HARDCORE: H-Field and Power Loss Estimation for Arbitrary Waveforms With Residual, Dilated Convolutional Neural Networks in Ferrite Cores

The MagNet challenge 2023 called upon competitors to develop data-driven models for the material-specific, waveform-agnostic estimation of steady-state power losses in toroidal ferrite cores. The following HARDCORE (H-field and power loss estimation for arbitrary waveforms with residual, dilated convolutional neural networks in ferrite cores) approach shows that a residual convolutional neural network with physics-informed extensions can serve this task efficiently when trained on observational data beforehand.
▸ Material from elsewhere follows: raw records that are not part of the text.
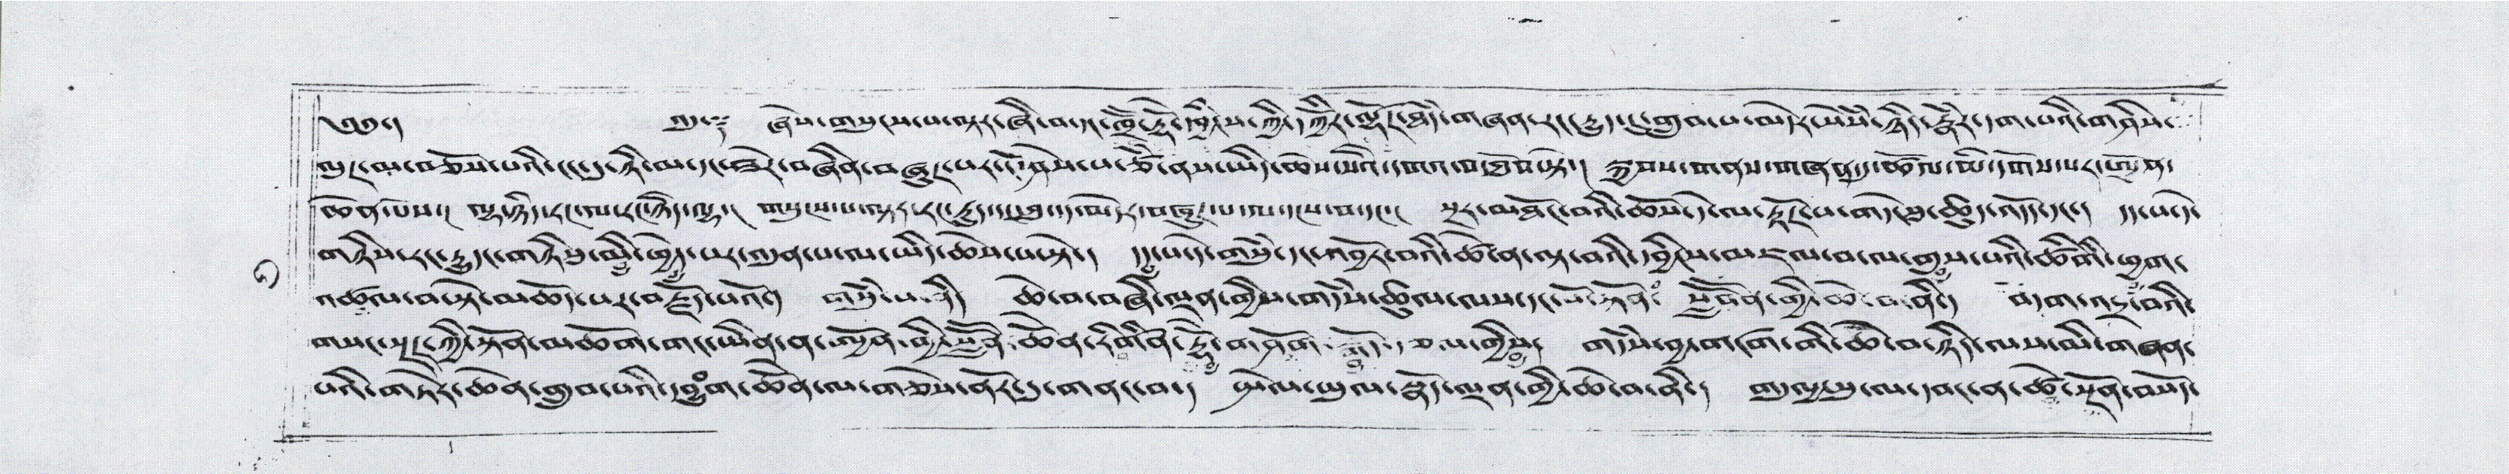འདུ། ཞེས་གསུངས་པ་ལྟར་ཞི་བ་དང་ཁྲོ་བོ་རྡོ་རྗེ་དབྱིངས་ཀྱི་དཀྱིལ་འཁོར་ལྷ་ཚོགས་ཐམས་ཅད་གཞན་རང་རྒྱུད་དུ་གྲུབ་པ་མེད་པར་སེམས་ཉིད་རྣམ་པར་དག་པའི་གཤིས་
ལུགས་མ་བཅོས་པའི་ངང་དུ་ཉི་མ་དང་ཟེར་བཞིན་བཞུགས་པར་ངོ་ཤེས་པ་ཙམ་ནས་ཡིད་ཆེས་པའི་དགའ་བ་ཐོབ་སྟེ། སྐྱབས་གནས་གཞན་དུ་ཚོལ་མི་དགོས་པར་ཨོ་རྒྱན་
ཆེན་པོས། ལྷ་ཉིད་རང་ལ་རང་ཉིད་ལྷ། གསུངས་པ་ལྟར་རང་རྒྱུད་དང་ཐ་དད་མེད་པར་བཞུགས་པ་ལ་དྭངས་པ་དང་། སྔར་མཐོང་བའི་ཆོས་དེ་ལ་རྟོགས་པ་གདེངས་སུ་ཚུད་འདོད་དང་། དད་པ་དེ་
གཉིས་རང་རྒྱུད་དང་གཉིས་སུ་མི་ཕྱེད་པར་འདུན་པ་ལ་ཡིད་ཆེས་པ་སྟེ། དད་པ་དེ་གསུམ་དང་འབྱོར་བའི་ཚེ་ན་ལྟ་བའི་དབྱིངས་མཇལ་བ་ལ་གུས་པའི་ཚིག་གིས་ཕྱག་
འཚལ་བ་སྟེ་མཆོད་པར་བརྗོད་པའོ། གསུམ་པ་ནི་ཆེ་བ་བཞི་ལྡན་གྱི་གདམས་ཚུལ་ལས། དང་པོ་སྟོན་པ་སློབ་དཔོན་གྱི་ཆེ་བ་ནི། བདག་འདྲ་བའི་
གསང་སྔགས་ཀྱི་སྟོན་མཆོག་གང་ཡིན་ན། ཨོ་རྒྱན་གྱི་སློབ་དཔོན་ཆེན་པོ་རིག་འཛིན་རྡོ་རྗེ་གཤོག་རྒོད་རྩལ་གྱིས། གདམས་བྱ་གང་ཟག་གི་ཆེ་བ་ཉིད་ལས་མི་གཞན་
པའི་གཏེར་ཆེན་གྲུབ་པའི་དབང་ཕྱུག་ཆེན་པོ་ལ་གཅེས་ནོར་དུ་གནང་བ། སྤེལ་ཡུལ་སྣོད་ལྡན་གྱི་ཆེ་བ་ནི། གདུལ་བྱ་སུ་ལ་དབང་ན་ཚེ་སྔོན་བསོད་

One key element is an intermediate model layer, which first reconstructs the $BH$ curve, and then, estimates the power losses based on the curve's area rendering the proposed topology physically interpretable. In addition, emphasis was placed on expert-based feature engineering and information-rich inputs in order to enable a lean model architecture. A model is trained from scratch for each material, while the topology remains the same. A Pareto-style tradeoff between model size and estimation accuracy is demonstrated, which yields an optimum at as low as 906 parameters and down to below 8% for the average 95th percentile of the relative power loss error across diverse materials. This contribution has won the first place in the performance category of the MagNet challenge 2023, which further highlights the effectiveness of the proposed model.